-- Opening Marker --

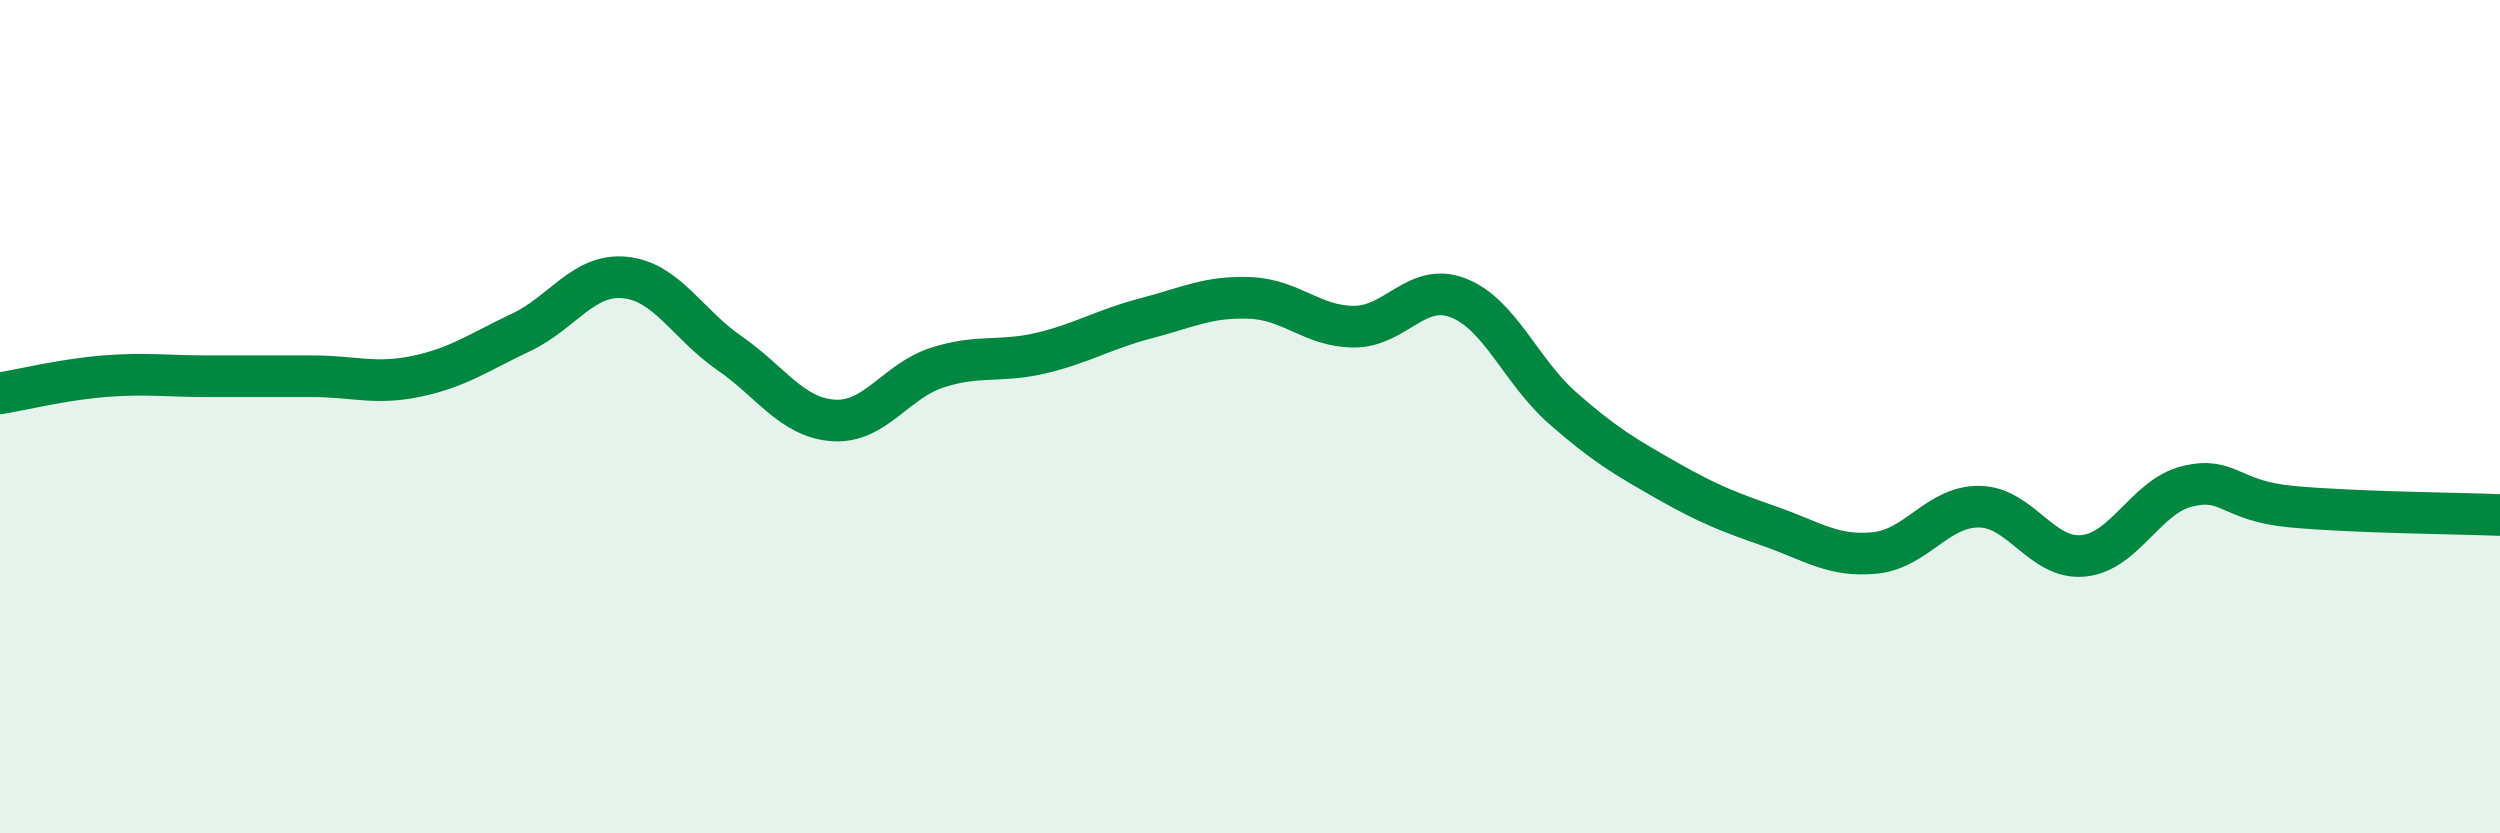 
    <svg width="60" height="20" viewBox="0 0 60 20" xmlns="http://www.w3.org/2000/svg">
      <path
        d="M 0,9.44 C 0.5,9.36 1.5,9.11 2.5,9.03 C 3.5,8.95 4,9.03 5,9.03 C 6,9.03 6.5,9.03 7.5,9.03 C 8.5,9.03 9,9.24 10,9.03 C 11,8.82 11.5,8.45 12.5,7.98 C 13.5,7.51 14,6.56 15,6.66 C 16,6.76 16.5,7.78 17.5,8.47 C 18.5,9.16 19,10.02 20,10.09 C 21,10.16 21.5,9.14 22.5,8.82 C 23.5,8.5 24,8.71 25,8.47 C 26,8.23 26.5,7.9 27.5,7.64 C 28.5,7.38 29,7.11 30,7.15 C 31,7.19 31.5,7.84 32.5,7.84 C 33.5,7.84 34,6.76 35,7.15 C 36,7.54 36.5,8.91 37.5,9.79 C 38.5,10.67 39,10.96 40,11.53 C 41,12.1 41.5,12.29 42.5,12.64 C 43.5,12.99 44,13.37 45,13.27 C 46,13.17 46.5,12.15 47.5,12.16 C 48.5,12.17 49,13.44 50,13.34 C 51,13.24 51.5,11.91 52.5,11.67 C 53.5,11.43 53.5,12.02 55,12.16 C 56.5,12.3 59,12.32 60,12.36L60 20L0 20Z"
        fill="#008740"
        opacity="0.1"
        stroke-linecap="round"
        stroke-linejoin="round"
      />
      <path
        d="M 0,9.44 C 0.5,9.36 1.5,9.11 2.5,9.03 C 3.5,8.95 4,9.03 5,9.03 C 6,9.03 6.5,9.03 7.5,9.03 C 8.5,9.03 9,9.24 10,9.03 C 11,8.82 11.5,8.45 12.5,7.98 C 13.5,7.51 14,6.56 15,6.66 C 16,6.76 16.5,7.78 17.5,8.47 C 18.5,9.16 19,10.02 20,10.09 C 21,10.16 21.5,9.14 22.5,8.82 C 23.5,8.5 24,8.71 25,8.47 C 26,8.23 26.5,7.9 27.5,7.64 C 28.5,7.38 29,7.11 30,7.15 C 31,7.19 31.5,7.84 32.5,7.84 C 33.5,7.84 34,6.76 35,7.15 C 36,7.54 36.5,8.91 37.5,9.79 C 38.5,10.67 39,10.96 40,11.53 C 41,12.1 41.5,12.29 42.5,12.64 C 43.5,12.99 44,13.37 45,13.27 C 46,13.17 46.5,12.15 47.5,12.16 C 48.5,12.17 49,13.44 50,13.34 C 51,13.24 51.5,11.91 52.5,11.67 C 53.5,11.43 53.5,12.02 55,12.16 C 56.5,12.3 59,12.32 60,12.36"
        stroke="#008740"
        stroke-width="1"
        fill="none"
        stroke-linecap="round"
        stroke-linejoin="round"
      />
    </svg>

-- Closing Marker --

* [Exercise]
Write the listing out a second time exactly, dropping all images.

* [Response for this exercise]
    <svg width="60" height="20" viewBox="0 0 60 20" xmlns="http://www.w3.org/2000/svg">
      <path
        d="M 0,9.44 C 0.5,9.36 1.5,9.11 2.5,9.03 C 3.5,8.95 4,9.03 5,9.03 C 6,9.03 6.5,9.03 7.5,9.03 C 8.5,9.03 9,9.24 10,9.03 C 11,8.82 11.5,8.45 12.5,7.98 C 13.5,7.51 14,6.56 15,6.66 C 16,6.76 16.5,7.78 17.5,8.47 C 18.5,9.16 19,10.02 20,10.09 C 21,10.16 21.5,9.14 22.5,8.82 C 23.5,8.5 24,8.71 25,8.47 C 26,8.23 26.5,7.9 27.5,7.64 C 28.5,7.38 29,7.11 30,7.15 C 31,7.19 31.5,7.84 32.5,7.84 C 33.5,7.84 34,6.76 35,7.15 C 36,7.54 36.5,8.91 37.5,9.79 C 38.5,10.67 39,10.96 40,11.53 C 41,12.1 41.5,12.29 42.5,12.64 C 43.5,12.99 44,13.37 45,13.27 C 46,13.17 46.5,12.15 47.5,12.16 C 48.5,12.17 49,13.44 50,13.34 C 51,13.24 51.5,11.91 52.5,11.67 C 53.5,11.43 53.5,12.02 55,12.16 C 56.5,12.3 59,12.32 60,12.36L60 20L0 20Z"
        fill="#008740"
        opacity="0.1"
        stroke-linecap="round"
        stroke-linejoin="round"
      />
      <path
        d="M 0,9.44 C 0.5,9.36 1.5,9.11 2.5,9.03 C 3.5,8.95 4,9.03 5,9.03 C 6,9.03 6.5,9.03 7.5,9.03 C 8.5,9.03 9,9.24 10,9.03 C 11,8.82 11.5,8.45 12.5,7.98 C 13.5,7.51 14,6.56 15,6.66 C 16,6.76 16.5,7.78 17.5,8.47 C 18.5,9.16 19,10.02 20,10.09 C 21,10.16 21.5,9.14 22.5,8.82 C 23.5,8.5 24,8.71 25,8.47 C 26,8.23 26.5,7.9 27.5,7.64 C 28.5,7.38 29,7.11 30,7.15 C 31,7.19 31.5,7.84 32.5,7.84 C 33.5,7.84 34,6.76 35,7.15 C 36,7.54 36.5,8.91 37.5,9.79 C 38.5,10.67 39,10.96 40,11.53 C 41,12.1 41.5,12.29 42.5,12.64 C 43.5,12.99 44,13.37 45,13.27 C 46,13.17 46.5,12.15 47.5,12.16 C 48.5,12.17 49,13.44 50,13.34 C 51,13.24 51.5,11.91 52.5,11.67 C 53.5,11.43 53.5,12.02 55,12.16 C 56.5,12.3 59,12.32 60,12.36"
        stroke="#008740"
        stroke-width="1"
        fill="none"
        stroke-linecap="round"
        stroke-linejoin="round"
      />
    </svg>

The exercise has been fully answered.